*Problem details*. Return only the lines from the one that contains "Vraag: Op welke datum is dit vonnis gewezen?" through the last line of the records below, exactly as they stand. Pictures are not part of the copy.
***
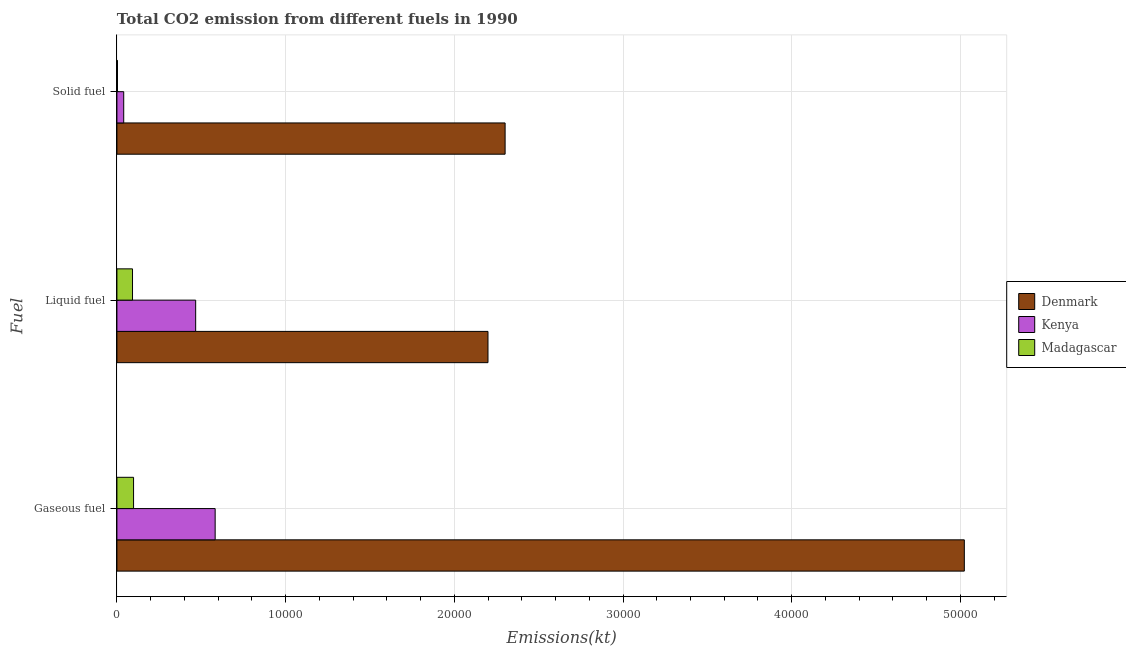
| Fuel | Denmark | Kenya | Madagascar |
 | --- | --- | --- | --- |
 | Gaseous fuel | 5.02e+04 | 5.82e+03 | 986 |
 | Liquid fuel | 2.2e+04 | 4.67e+03 | 924 |
 | Solid fuel | 2.3e+04 | 403 | 33 |
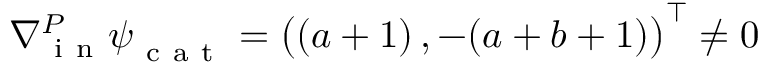
\nabla { } _ { \mathrm { ~ i ~ n ~ } } ^ { P } \boldsymbol \psi _ { \mathrm { ~ c ~ a ~ t ~ } } = \big ( ( a + 1 ) \, , - ( a + b + 1 ) \big ) ^ { \intercal } \neq 0
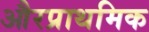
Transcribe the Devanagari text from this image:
औरप्राथमिक
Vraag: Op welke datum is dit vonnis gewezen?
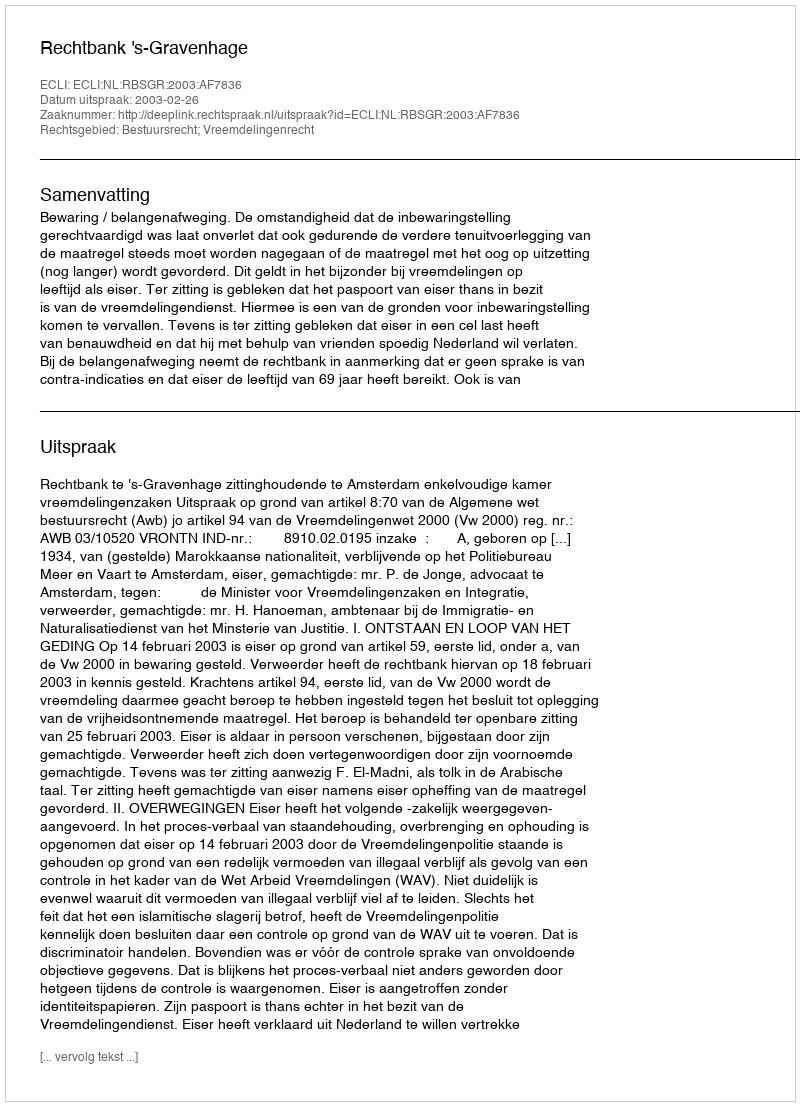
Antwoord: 2003-02-26
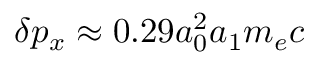
\delta p _ { x } \approx 0 . 2 9 a _ { 0 } ^ { 2 } a _ { 1 } m _ { e } c
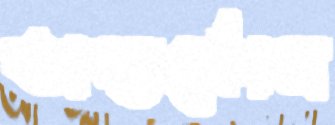
অন্তর্কোন
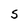
Character: S
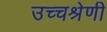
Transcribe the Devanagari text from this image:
उच्चश्रेणी
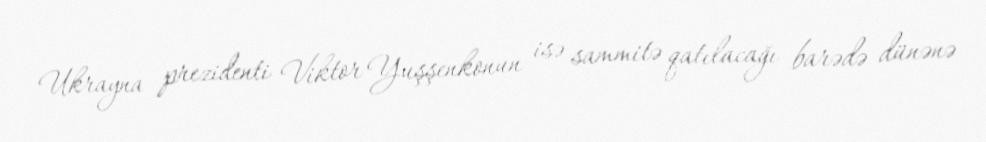
Ukrayna prezidenti Viktor Yuşşenkonun isə sammitə qatılacağı barədə dünənə
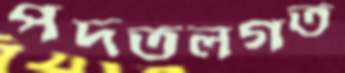
পদতলগত
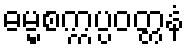
ဓမ္မစက္ကပ္ပဝတ္တနံ
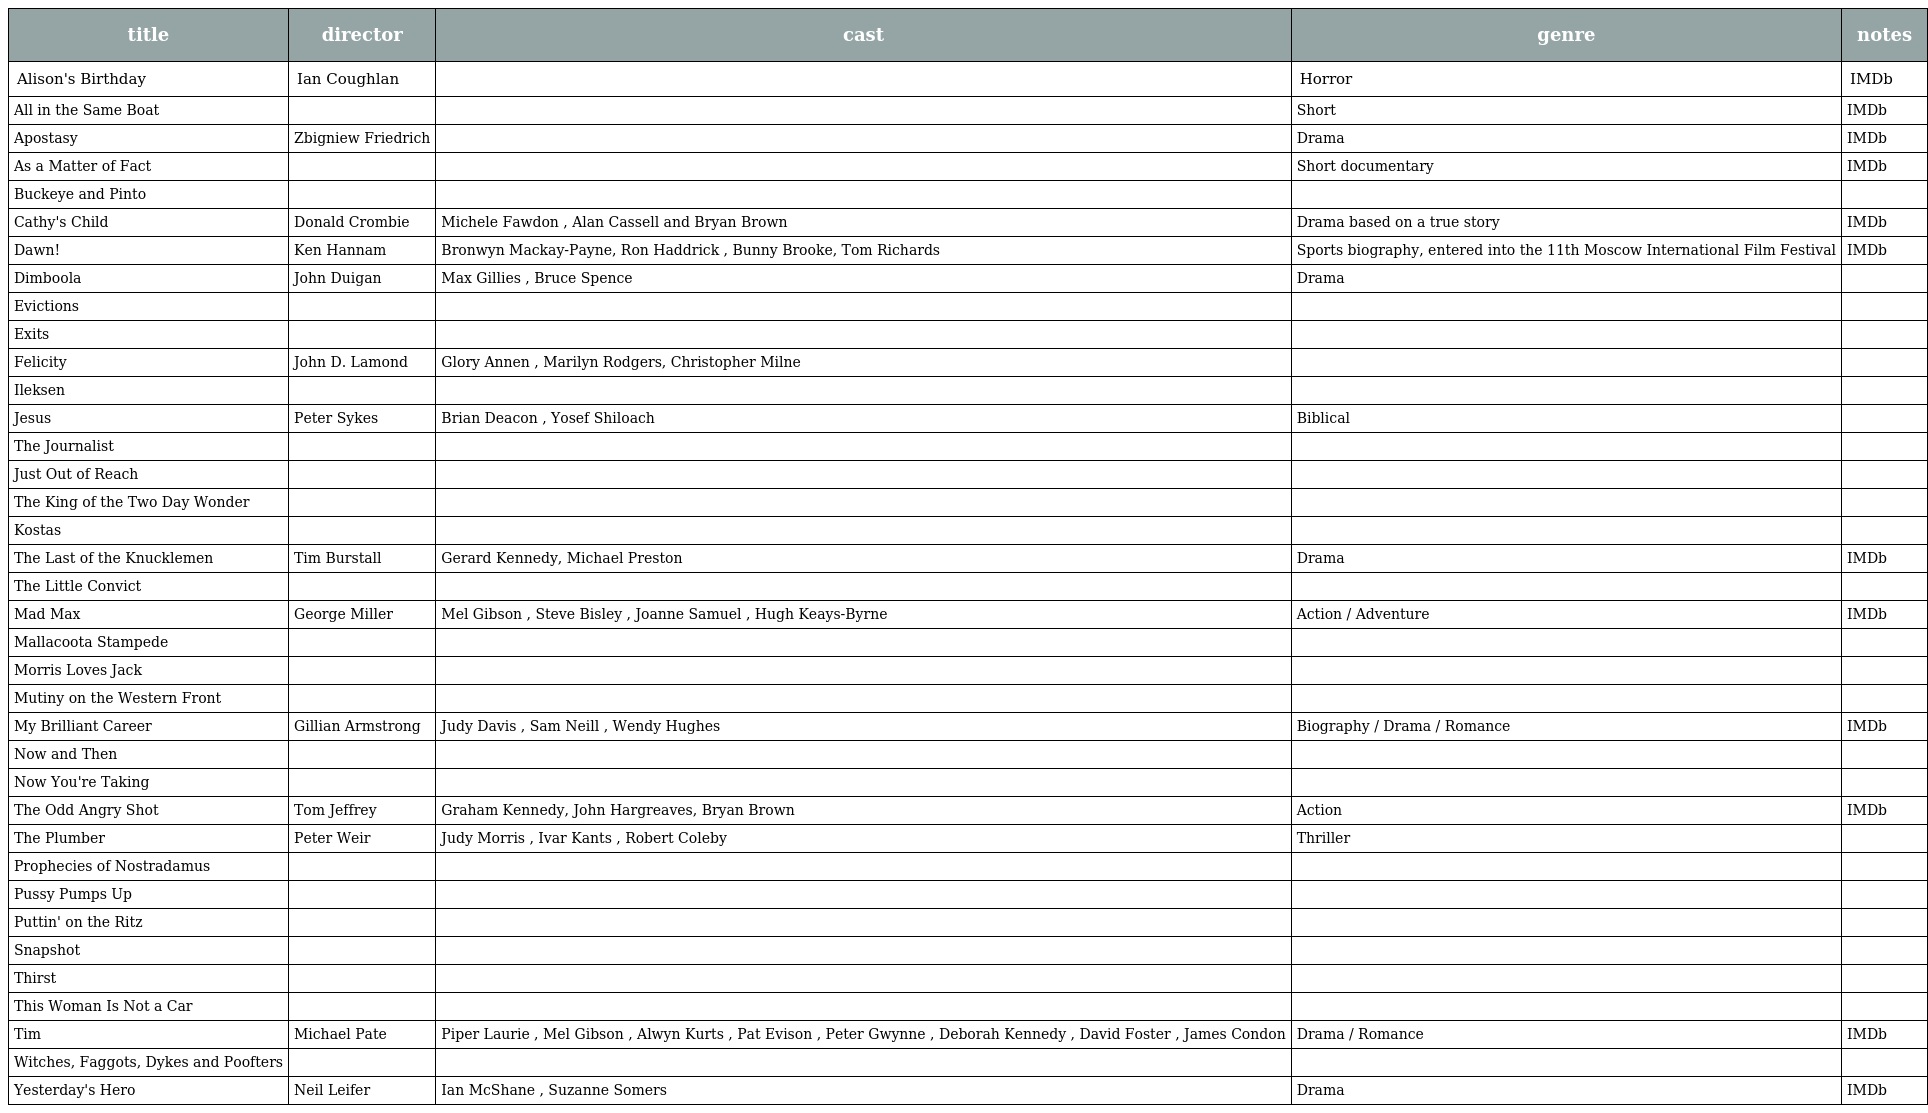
***
*Response*.
Vraag: Op welke datum is dit vonnis gewezen?
Antwoord: 2003-02-26
\delta p _ { x } \approx 0 . 2 9 a _ { 0 } ^ { 2 } a _ { 1 } m _ { e } c
অন্তর্কোন
Character: S
Transcribe the Devanagari text from this image:
उच्चश्रेणी
Ukrayna prezidenti Viktor Yuşşenkonun isə sammitə qatılacağı barədə dünənə
পদতলগত
ဓမ္မစက္ကပ္ပဝတ္တနံ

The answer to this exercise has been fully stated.